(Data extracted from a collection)
· · · ·
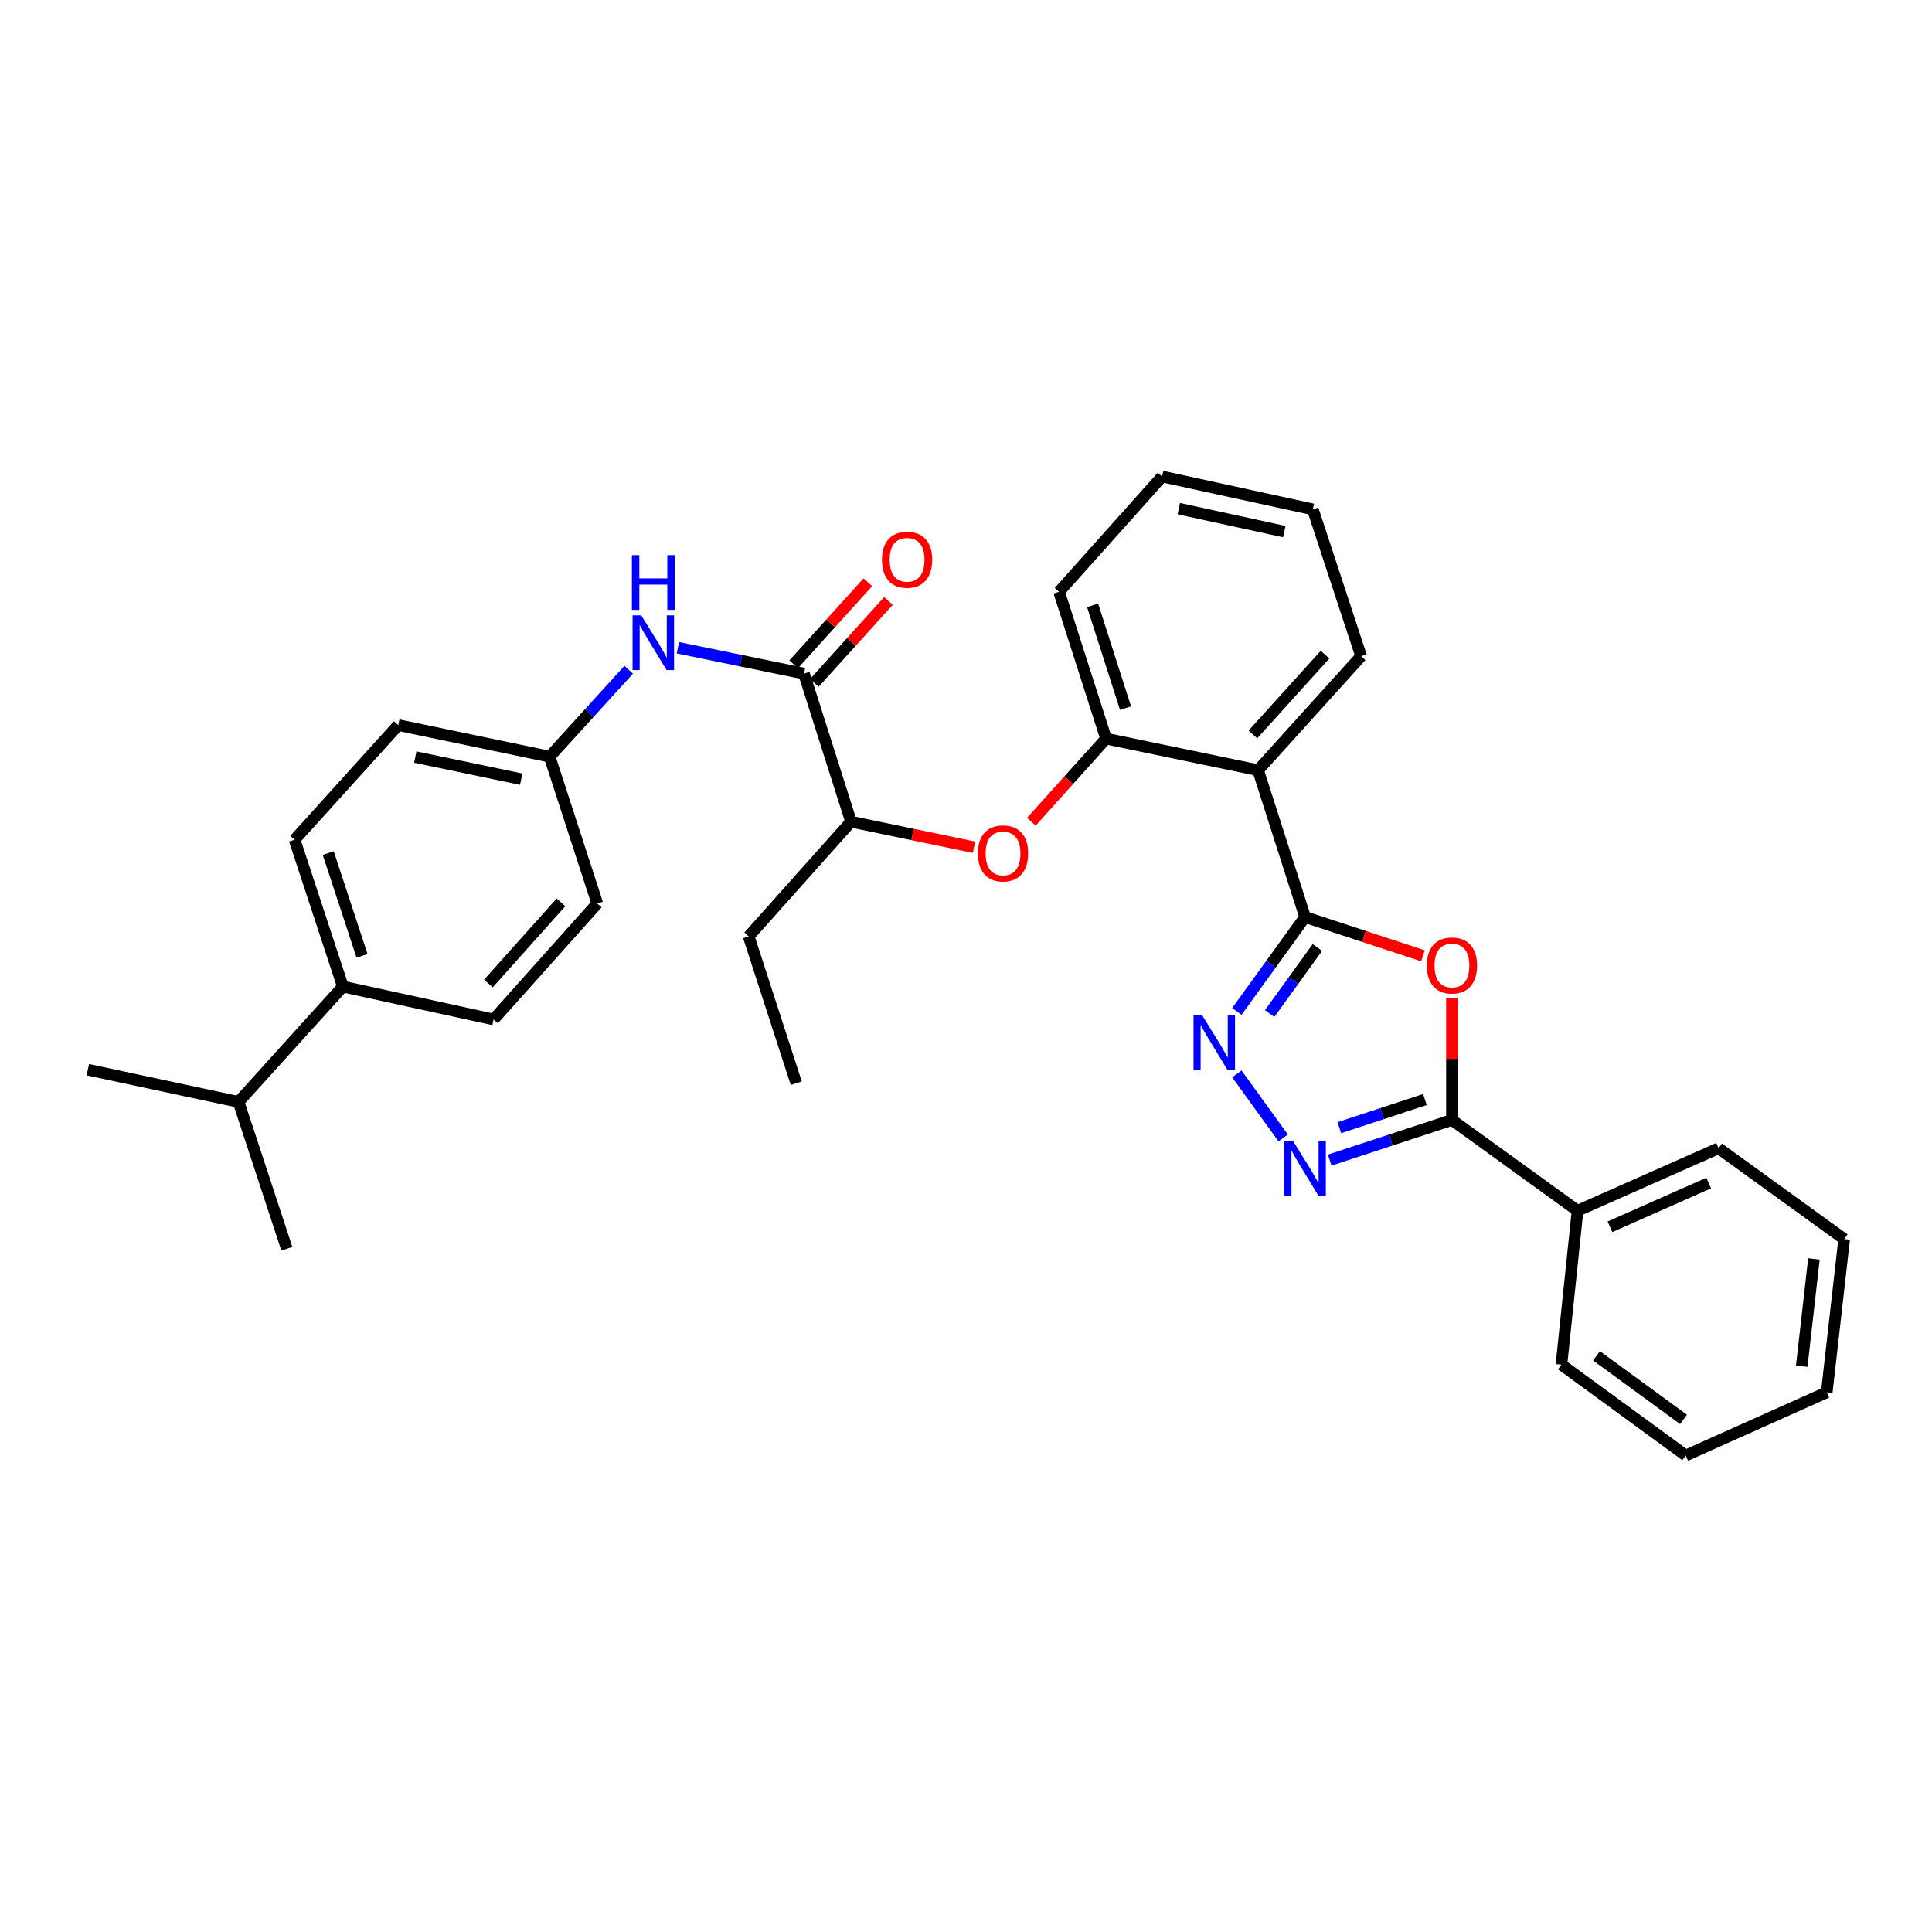 <?xml version='1.0' encoding='iso-8859-1'?>
<svg version='1.1' baseProfile='full'
              xmlns='http://www.w3.org/2000/svg'
                      xmlns:rdkit='http://www.rdkit.org/xml'
                      xmlns:xlink='http://www.w3.org/1999/xlink'
                  xml:space='preserve'
width='1000px' height='1000px' viewBox='0 0 1000 1000'>
<!-- END OF HEADER -->
<rect style='opacity:1.0;fill:#FFFFFF;stroke:none' width='1000' height='1000' x='0' y='0'> </rect>
<path class='bond-0' d='M 675.509,474.662 L 706.016,484.693' style='fill:none;fill-rule:evenodd;stroke:#000000;stroke-width:6px;stroke-linecap:butt;stroke-linejoin:miter;stroke-opacity:1' />
<path class='bond-0' d='M 706.016,484.693 L 736.522,494.724' style='fill:none;fill-rule:evenodd;stroke:#FF0000;stroke-width:6px;stroke-linecap:butt;stroke-linejoin:miter;stroke-opacity:1' />
<path class='bond-1' d='M 675.509,474.662 L 657.851,499.083' style='fill:none;fill-rule:evenodd;stroke:#000000;stroke-width:6px;stroke-linecap:butt;stroke-linejoin:miter;stroke-opacity:1' />
<path class='bond-1' d='M 657.851,499.083 L 640.193,523.505' style='fill:none;fill-rule:evenodd;stroke:#0000FF;stroke-width:6px;stroke-linecap:butt;stroke-linejoin:miter;stroke-opacity:1' />
<path class='bond-1' d='M 681.878,490.424 L 669.518,507.519' style='fill:none;fill-rule:evenodd;stroke:#000000;stroke-width:6px;stroke-linecap:butt;stroke-linejoin:miter;stroke-opacity:1' />
<path class='bond-1' d='M 669.518,507.519 L 657.157,524.614' style='fill:none;fill-rule:evenodd;stroke:#0000FF;stroke-width:6px;stroke-linecap:butt;stroke-linejoin:miter;stroke-opacity:1' />
<path class='bond-4' d='M 675.509,474.662 L 651.179,398.649' style='fill:none;fill-rule:evenodd;stroke:#000000;stroke-width:6px;stroke-linecap:butt;stroke-linejoin:miter;stroke-opacity:1' />
<path class='bond-3' d='M 751.523,516.417 L 751.523,548.047' style='fill:none;fill-rule:evenodd;stroke:#FF0000;stroke-width:6px;stroke-linecap:butt;stroke-linejoin:miter;stroke-opacity:1' />
<path class='bond-3' d='M 751.523,548.047 L 751.523,579.677' style='fill:none;fill-rule:evenodd;stroke:#000000;stroke-width:6px;stroke-linecap:butt;stroke-linejoin:miter;stroke-opacity:1' />
<path class='bond-2' d='M 640.196,555.836 L 664.179,588.996' style='fill:none;fill-rule:evenodd;stroke:#0000FF;stroke-width:6px;stroke-linecap:butt;stroke-linejoin:miter;stroke-opacity:1' />
<path class='bond-32' d='M 688.25,600.475 L 719.886,590.076' style='fill:none;fill-rule:evenodd;stroke:#0000FF;stroke-width:6px;stroke-linecap:butt;stroke-linejoin:miter;stroke-opacity:1' />
<path class='bond-32' d='M 719.886,590.076 L 751.523,579.677' style='fill:none;fill-rule:evenodd;stroke:#000000;stroke-width:6px;stroke-linecap:butt;stroke-linejoin:miter;stroke-opacity:1' />
<path class='bond-32' d='M 693.245,583.678 L 715.391,576.399' style='fill:none;fill-rule:evenodd;stroke:#0000FF;stroke-width:6px;stroke-linecap:butt;stroke-linejoin:miter;stroke-opacity:1' />
<path class='bond-32' d='M 715.391,576.399 L 737.536,569.12' style='fill:none;fill-rule:evenodd;stroke:#000000;stroke-width:6px;stroke-linecap:butt;stroke-linejoin:miter;stroke-opacity:1' />
<path class='bond-10' d='M 751.523,579.677 L 816.531,626.673' style='fill:none;fill-rule:evenodd;stroke:#000000;stroke-width:6px;stroke-linecap:butt;stroke-linejoin:miter;stroke-opacity:1' />
<path class='bond-6' d='M 651.179,398.649 L 572.502,382.317' style='fill:none;fill-rule:evenodd;stroke:#000000;stroke-width:6px;stroke-linecap:butt;stroke-linejoin:miter;stroke-opacity:1' />
<path class='bond-19' d='M 651.179,398.649 L 704.518,339.647' style='fill:none;fill-rule:evenodd;stroke:#000000;stroke-width:6px;stroke-linecap:butt;stroke-linejoin:miter;stroke-opacity:1' />
<path class='bond-19' d='M 648.501,380.144 L 685.838,338.843' style='fill:none;fill-rule:evenodd;stroke:#000000;stroke-width:6px;stroke-linecap:butt;stroke-linejoin:miter;stroke-opacity:1' />
<path class='bond-5' d='M 416.148,348.653 L 440.494,425.314' style='fill:none;fill-rule:evenodd;stroke:#000000;stroke-width:6px;stroke-linecap:butt;stroke-linejoin:miter;stroke-opacity:1' />
<path class='bond-8' d='M 416.148,348.653 L 383.515,341.96' style='fill:none;fill-rule:evenodd;stroke:#000000;stroke-width:6px;stroke-linecap:butt;stroke-linejoin:miter;stroke-opacity:1' />
<path class='bond-8' d='M 383.515,341.96 L 350.882,335.268' style='fill:none;fill-rule:evenodd;stroke:#0000FF;stroke-width:6px;stroke-linecap:butt;stroke-linejoin:miter;stroke-opacity:1' />
<path class='bond-11' d='M 421.488,353.48 L 440.671,332.264' style='fill:none;fill-rule:evenodd;stroke:#000000;stroke-width:6px;stroke-linecap:butt;stroke-linejoin:miter;stroke-opacity:1' />
<path class='bond-11' d='M 440.671,332.264 L 459.854,311.048' style='fill:none;fill-rule:evenodd;stroke:#FF0000;stroke-width:6px;stroke-linecap:butt;stroke-linejoin:miter;stroke-opacity:1' />
<path class='bond-11' d='M 410.809,343.825 L 429.992,322.609' style='fill:none;fill-rule:evenodd;stroke:#000000;stroke-width:6px;stroke-linecap:butt;stroke-linejoin:miter;stroke-opacity:1' />
<path class='bond-11' d='M 429.992,322.609 L 449.175,301.393' style='fill:none;fill-rule:evenodd;stroke:#FF0000;stroke-width:6px;stroke-linecap:butt;stroke-linejoin:miter;stroke-opacity:1' />
<path class='bond-7' d='M 572.502,382.317 L 553.166,403.824' style='fill:none;fill-rule:evenodd;stroke:#000000;stroke-width:6px;stroke-linecap:butt;stroke-linejoin:miter;stroke-opacity:1' />
<path class='bond-7' d='M 553.166,403.824 L 533.831,425.332' style='fill:none;fill-rule:evenodd;stroke:#FF0000;stroke-width:6px;stroke-linecap:butt;stroke-linejoin:miter;stroke-opacity:1' />
<path class='bond-20' d='M 572.502,382.317 L 548.164,306.303' style='fill:none;fill-rule:evenodd;stroke:#000000;stroke-width:6px;stroke-linecap:butt;stroke-linejoin:miter;stroke-opacity:1' />
<path class='bond-20' d='M 582.563,366.525 L 565.526,313.315' style='fill:none;fill-rule:evenodd;stroke:#000000;stroke-width:6px;stroke-linecap:butt;stroke-linejoin:miter;stroke-opacity:1' />
<path class='bond-9' d='M 504.155,438.53 L 472.325,431.922' style='fill:none;fill-rule:evenodd;stroke:#FF0000;stroke-width:6px;stroke-linecap:butt;stroke-linejoin:miter;stroke-opacity:1' />
<path class='bond-9' d='M 472.325,431.922 L 440.494,425.314' style='fill:none;fill-rule:evenodd;stroke:#000000;stroke-width:6px;stroke-linecap:butt;stroke-linejoin:miter;stroke-opacity:1' />
<path class='bond-13' d='M 325.417,346.652 L 304.947,369.151' style='fill:none;fill-rule:evenodd;stroke:#0000FF;stroke-width:6px;stroke-linecap:butt;stroke-linejoin:miter;stroke-opacity:1' />
<path class='bond-13' d='M 304.947,369.151 L 284.476,391.65' style='fill:none;fill-rule:evenodd;stroke:#000000;stroke-width:6px;stroke-linecap:butt;stroke-linejoin:miter;stroke-opacity:1' />
<path class='bond-21' d='M 440.494,425.314 L 387.499,484.676' style='fill:none;fill-rule:evenodd;stroke:#000000;stroke-width:6px;stroke-linecap:butt;stroke-linejoin:miter;stroke-opacity:1' />
<path class='bond-22' d='M 816.531,626.673 L 889.529,594.329' style='fill:none;fill-rule:evenodd;stroke:#000000;stroke-width:6px;stroke-linecap:butt;stroke-linejoin:miter;stroke-opacity:1' />
<path class='bond-22' d='M 833.313,634.984 L 884.412,612.343' style='fill:none;fill-rule:evenodd;stroke:#000000;stroke-width:6px;stroke-linecap:butt;stroke-linejoin:miter;stroke-opacity:1' />
<path class='bond-23' d='M 816.531,626.673 L 808.197,706.35' style='fill:none;fill-rule:evenodd;stroke:#000000;stroke-width:6px;stroke-linecap:butt;stroke-linejoin:miter;stroke-opacity:1' />
<path class='bond-12' d='M 177.47,510.653 L 152.469,434.648' style='fill:none;fill-rule:evenodd;stroke:#000000;stroke-width:6px;stroke-linecap:butt;stroke-linejoin:miter;stroke-opacity:1' />
<path class='bond-12' d='M 187.396,494.754 L 169.894,441.55' style='fill:none;fill-rule:evenodd;stroke:#000000;stroke-width:6px;stroke-linecap:butt;stroke-linejoin:miter;stroke-opacity:1' />
<path class='bond-16' d='M 177.47,510.653 L 123.468,570.343' style='fill:none;fill-rule:evenodd;stroke:#000000;stroke-width:6px;stroke-linecap:butt;stroke-linejoin:miter;stroke-opacity:1' />
<path class='bond-35' d='M 177.47,510.653 L 255.467,527.673' style='fill:none;fill-rule:evenodd;stroke:#000000;stroke-width:6px;stroke-linecap:butt;stroke-linejoin:miter;stroke-opacity:1' />
<path class='bond-17' d='M 284.476,391.65 L 309.15,467.656' style='fill:none;fill-rule:evenodd;stroke:#000000;stroke-width:6px;stroke-linecap:butt;stroke-linejoin:miter;stroke-opacity:1' />
<path class='bond-18' d='M 284.476,391.65 L 206.135,375.31' style='fill:none;fill-rule:evenodd;stroke:#000000;stroke-width:6px;stroke-linecap:butt;stroke-linejoin:miter;stroke-opacity:1' />
<path class='bond-18' d='M 269.786,403.293 L 214.947,391.855' style='fill:none;fill-rule:evenodd;stroke:#000000;stroke-width:6px;stroke-linecap:butt;stroke-linejoin:miter;stroke-opacity:1' />
<path class='bond-14' d='M 255.467,527.673 L 309.15,467.656' style='fill:none;fill-rule:evenodd;stroke:#000000;stroke-width:6px;stroke-linecap:butt;stroke-linejoin:miter;stroke-opacity:1' />
<path class='bond-14' d='M 252.79,509.073 L 290.368,467.061' style='fill:none;fill-rule:evenodd;stroke:#000000;stroke-width:6px;stroke-linecap:butt;stroke-linejoin:miter;stroke-opacity:1' />
<path class='bond-15' d='M 152.469,434.648 L 206.135,375.31' style='fill:none;fill-rule:evenodd;stroke:#000000;stroke-width:6px;stroke-linecap:butt;stroke-linejoin:miter;stroke-opacity:1' />
<path class='bond-24' d='M 123.468,570.343 L 45.455,553.667' style='fill:none;fill-rule:evenodd;stroke:#000000;stroke-width:6px;stroke-linecap:butt;stroke-linejoin:miter;stroke-opacity:1' />
<path class='bond-25' d='M 123.468,570.343 L 148.469,646.348' style='fill:none;fill-rule:evenodd;stroke:#000000;stroke-width:6px;stroke-linecap:butt;stroke-linejoin:miter;stroke-opacity:1' />
<path class='bond-26' d='M 704.518,339.647 L 679.516,263.633' style='fill:none;fill-rule:evenodd;stroke:#000000;stroke-width:6px;stroke-linecap:butt;stroke-linejoin:miter;stroke-opacity:1' />
<path class='bond-33' d='M 548.164,306.303 L 601.503,246.646' style='fill:none;fill-rule:evenodd;stroke:#000000;stroke-width:6px;stroke-linecap:butt;stroke-linejoin:miter;stroke-opacity:1' />
<path class='bond-27' d='M 387.499,484.676 L 412.141,560.665' style='fill:none;fill-rule:evenodd;stroke:#000000;stroke-width:6px;stroke-linecap:butt;stroke-linejoin:miter;stroke-opacity:1' />
<path class='bond-29' d='M 889.529,594.329 L 954.545,641.35' style='fill:none;fill-rule:evenodd;stroke:#000000;stroke-width:6px;stroke-linecap:butt;stroke-linejoin:miter;stroke-opacity:1' />
<path class='bond-30' d='M 808.197,706.35 L 872.541,753.354' style='fill:none;fill-rule:evenodd;stroke:#000000;stroke-width:6px;stroke-linecap:butt;stroke-linejoin:miter;stroke-opacity:1' />
<path class='bond-30' d='M 826.341,701.775 L 871.382,734.679' style='fill:none;fill-rule:evenodd;stroke:#000000;stroke-width:6px;stroke-linecap:butt;stroke-linejoin:miter;stroke-opacity:1' />
<path class='bond-28' d='M 679.516,263.633 L 601.503,246.646' style='fill:none;fill-rule:evenodd;stroke:#000000;stroke-width:6px;stroke-linecap:butt;stroke-linejoin:miter;stroke-opacity:1' />
<path class='bond-28' d='M 664.751,275.152 L 610.142,263.261' style='fill:none;fill-rule:evenodd;stroke:#000000;stroke-width:6px;stroke-linecap:butt;stroke-linejoin:miter;stroke-opacity:1' />
<path class='bond-34' d='M 954.545,641.35 L 945.524,720.682' style='fill:none;fill-rule:evenodd;stroke:#000000;stroke-width:6px;stroke-linecap:butt;stroke-linejoin:miter;stroke-opacity:1' />
<path class='bond-34' d='M 938.888,651.623 L 932.573,707.156' style='fill:none;fill-rule:evenodd;stroke:#000000;stroke-width:6px;stroke-linecap:butt;stroke-linejoin:miter;stroke-opacity:1' />
<path class='bond-31' d='M 872.541,753.354 L 945.524,720.682' style='fill:none;fill-rule:evenodd;stroke:#000000;stroke-width:6px;stroke-linecap:butt;stroke-linejoin:miter;stroke-opacity:1' />
<path  class='atom-1' d='M 738.523 499.736
Q 738.523 492.936, 741.883 489.136
Q 745.243 485.336, 751.523 485.336
Q 757.803 485.336, 761.163 489.136
Q 764.523 492.936, 764.523 499.736
Q 764.523 506.616, 761.123 510.536
Q 757.723 514.416, 751.523 514.416
Q 745.283 514.416, 741.883 510.536
Q 738.523 506.656, 738.523 499.736
M 751.523 511.216
Q 755.843 511.216, 758.163 508.336
Q 760.523 505.416, 760.523 499.736
Q 760.523 494.176, 758.163 491.376
Q 755.843 488.536, 751.523 488.536
Q 747.203 488.536, 744.843 491.336
Q 742.523 494.136, 742.523 499.736
Q 742.523 505.456, 744.843 508.336
Q 747.203 511.216, 751.523 511.216
' fill='#FF0000'/>
<path  class='atom-2' d='M 622.245 525.51
L 631.525 540.51
Q 632.445 541.99, 633.925 544.67
Q 635.405 547.35, 635.485 547.51
L 635.485 525.51
L 639.245 525.51
L 639.245 553.83
L 635.365 553.83
L 625.405 537.43
Q 624.245 535.51, 623.005 533.31
Q 621.805 531.11, 621.445 530.43
L 621.445 553.83
L 617.765 553.83
L 617.765 525.51
L 622.245 525.51
' fill='#0000FF'/>
<path  class='atom-3' d='M 669.249 590.503
L 678.529 605.503
Q 679.449 606.983, 680.929 609.663
Q 682.409 612.343, 682.489 612.503
L 682.489 590.503
L 686.249 590.503
L 686.249 618.823
L 682.369 618.823
L 672.409 602.423
Q 671.249 600.503, 670.009 598.303
Q 668.809 596.103, 668.449 595.423
L 668.449 618.823
L 664.769 618.823
L 664.769 590.503
L 669.249 590.503
' fill='#0000FF'/>
<path  class='atom-8' d='M 506.163 441.726
Q 506.163 434.926, 509.523 431.126
Q 512.883 427.326, 519.163 427.326
Q 525.443 427.326, 528.803 431.126
Q 532.163 434.926, 532.163 441.726
Q 532.163 448.606, 528.763 452.526
Q 525.363 456.406, 519.163 456.406
Q 512.923 456.406, 509.523 452.526
Q 506.163 448.646, 506.163 441.726
M 519.163 453.206
Q 523.483 453.206, 525.803 450.326
Q 528.163 447.406, 528.163 441.726
Q 528.163 436.166, 525.803 433.366
Q 523.483 430.526, 519.163 430.526
Q 514.843 430.526, 512.483 433.326
Q 510.163 436.126, 510.163 441.726
Q 510.163 447.446, 512.483 450.326
Q 514.843 453.206, 519.163 453.206
' fill='#FF0000'/>
<path  class='atom-9' d='M 331.891 318.497
L 341.171 333.497
Q 342.091 334.977, 343.571 337.657
Q 345.051 340.337, 345.131 340.497
L 345.131 318.497
L 348.891 318.497
L 348.891 346.817
L 345.011 346.817
L 335.051 330.417
Q 333.891 328.497, 332.651 326.297
Q 331.451 324.097, 331.091 323.417
L 331.091 346.817
L 327.411 346.817
L 327.411 318.497
L 331.891 318.497
' fill='#0000FF'/>
<path  class='atom-9' d='M 327.071 287.345
L 330.911 287.345
L 330.911 299.385
L 345.391 299.385
L 345.391 287.345
L 349.231 287.345
L 349.231 315.665
L 345.391 315.665
L 345.391 302.585
L 330.911 302.585
L 330.911 315.665
L 327.071 315.665
L 327.071 287.345
' fill='#0000FF'/>
<path  class='atom-12' d='M 456.503 289.723
Q 456.503 282.923, 459.863 279.123
Q 463.223 275.323, 469.503 275.323
Q 475.783 275.323, 479.143 279.123
Q 482.503 282.923, 482.503 289.723
Q 482.503 296.603, 479.103 300.523
Q 475.703 304.403, 469.503 304.403
Q 463.263 304.403, 459.863 300.523
Q 456.503 296.643, 456.503 289.723
M 469.503 301.203
Q 473.823 301.203, 476.143 298.323
Q 478.503 295.403, 478.503 289.723
Q 478.503 284.163, 476.143 281.363
Q 473.823 278.523, 469.503 278.523
Q 465.183 278.523, 462.823 281.323
Q 460.503 284.123, 460.503 289.723
Q 460.503 295.443, 462.823 298.323
Q 465.183 301.203, 469.503 301.203
' fill='#FF0000'/>
</svg>
· · · ·
WHAT YOU SHOULD DO:
What you return should be exactly the lines above, starting at the one with "Q 679.449 606.983, 680.929 609.663" and ending at the one with "L 335.051 330.417", and nothing else.

COMPLETED TASK:
Q 679.449 606.983, 680.929 609.663
Q 682.409 612.343, 682.489 612.503
L 682.489 590.503
L 686.249 590.503
L 686.249 618.823
L 682.369 618.823
L 672.409 602.423
Q 671.249 600.503, 670.009 598.303
Q 668.809 596.103, 668.449 595.423
L 668.449 618.823
L 664.769 618.823
L 664.769 590.503
L 669.249 590.503
' fill='#0000FF'/>
<path  class='atom-8' d='M 506.163 441.726
Q 506.163 434.926, 509.523 431.126
Q 512.883 427.326, 519.163 427.326
Q 525.443 427.326, 528.803 431.126
Q 532.163 434.926, 532.163 441.726
Q 532.163 448.606, 528.763 452.526
Q 525.363 456.406, 519.163 456.406
Q 512.923 456.406, 509.523 452.526
Q 506.163 448.646, 506.163 441.726
M 519.163 453.206
Q 523.483 453.206, 525.803 450.326
Q 528.163 447.406, 528.163 441.726
Q 528.163 436.166, 525.803 433.366
Q 523.483 430.526, 519.163 430.526
Q 514.843 430.526, 512.483 433.326
Q 510.163 436.126, 510.163 441.726
Q 510.163 447.446, 512.483 450.326
Q 514.843 453.206, 519.163 453.206
' fill='#FF0000'/>
<path  class='atom-9' d='M 331.891 318.497
L 341.171 333.497
Q 342.091 334.977, 343.571 337.657
Q 345.051 340.337, 345.131 340.497
L 345.131 318.497
L 348.891 318.497
L 348.891 346.817
L 345.011 346.817
L 335.051 330.417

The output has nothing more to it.